On this blog, we’ve talked almost exclusively about business-to-consumer marketing so far, also known as B2C marketing. This doesn’t reflect the whole truth, though, because business-to-business (B2B) is a significantly bigger market than B2C. As you’ll soon come to see over the course of this post, marketing to businesses is an entirely different animal than marketing to consumers.
When marketing to consumers, you need to have a very good grasp of the basic concepts behind small business marketing. You also need to understand consumer behavior, decision-making processes, and decision-making styles. From these building blocks, you can determine what kind of products have good product-market fit. This allows you to find a profitable niche.
But what happens when systematically designed business processes curtail the worst excesses of irrational consumer behavior? What happens when committees and requirement meetings thwart your attempts to make an emotional appeal to individual consumers? How do you find a niche then? We’ll be talking about all that and more below.
Here is an outline:
Business-to-Consumer (B2C) Marketing
- Marketing to Consumers – An Overview
- Consumer Behavior
Business-to-Business (B2B) Marketing
- Marketing to Businesses – An Overview
- Consumer Behavior
Business-to-Consumer (B2C) Marketing
Marketing to Consumers – An Overview
On a fundamental level, B2C transactions differ from B2B transactions. When you’re selling directly to consumers, the decision maker will almost always be either the consumer or someone close to the consumer. The decision-making process is not cold and clinical, but rather emotional. A rational need for a certain product is not what drives consumer behavior in B2C transactions.

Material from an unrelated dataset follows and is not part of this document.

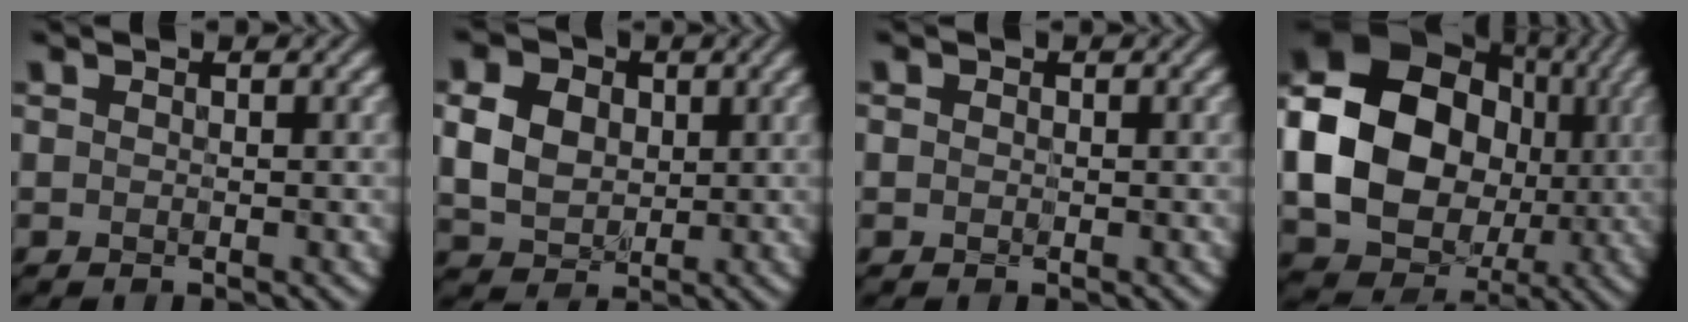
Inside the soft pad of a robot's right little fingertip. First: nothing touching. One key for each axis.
{"total": 7.8, "fx": 1.8, "fy": 6.2, "fz": 4.4, "tx": -0.113, "ty": 0.027, "tz": 0.026}
{"total": 0.0}
{"total": 15.4, "fx": -0.5, "fy": 12.6, "fz": 8.9, "tx": -0.178, "ty": -0.007, "tz": -0.010}

This is not to imply that people are total fools when it comes to making purchasing decisions. Our minds can be thought of in terms of System 1 and System 2. To simplify greatly, System 2 makes slow, deliberate, careful decisions and System 1 makes quick decisions that are imperfect. A lot of times, people use System 1 to make shopping decisions so they can go about their normal lives and not agonize over every minute detail of a purchasing decision.
The System 1 / System 2 dichotomy that we reference so often on this blog is what drives some of the strange and seemingly irrational consumer behavior that we see. Consumers, after all, take mental shortcuts simply so they can go about their lives. The purchase decision-making process is improvised and not choreographed most of the time.

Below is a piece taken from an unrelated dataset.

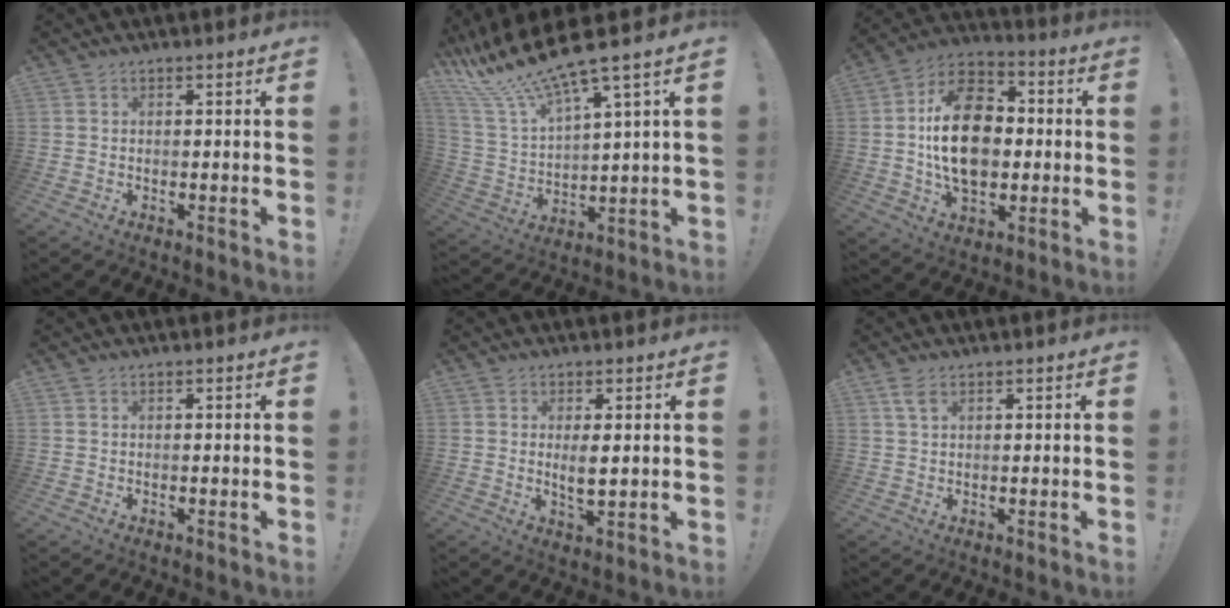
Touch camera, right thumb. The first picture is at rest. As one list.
[{"total": 15.6, "force": [12.9, 2.4, 8.5], "torque": [-0.174, -0.091, 0.226]}, {"total": 21.5, "force": [0.0, 14.7, 15.7], "torque": [-0.260, 0.014, 0.005]}, {"total": 0.0}, {"total": 4.1, "force": [1.0, 1.3, 3.8], "torque": [-0.059, -0.013, 0.012]}, {"total": 3.4, "force": [1.8, 1.6, 2.5], "torque": [-0.047, -0.002, 0.033]}]

Even if consumers were to engage in a systematic review of all their purchases before making them, there are two fundamental truths that make my needs different than yours. Value is subjective and often situational. The kind of car I need is different than the kind of car you need because we don’t drive the same commutes.
Because value is subjective, we have different needs for which different products or services must be created. A product only becomes attractive if it meets our needs. For us to make decisions, you have to have product-market fit.
In B2C transactions, decisions are made based on subjective value, yes, but also on two other factors. These factors are: decision-making roles and the search for information.
The decision-making process in B2C transactions is often informal, but a careful observation shows that certain roles are apparent if you’re paying close attention.
- Initiators suggest a brand or product.
- Influencers recommend a brand or product.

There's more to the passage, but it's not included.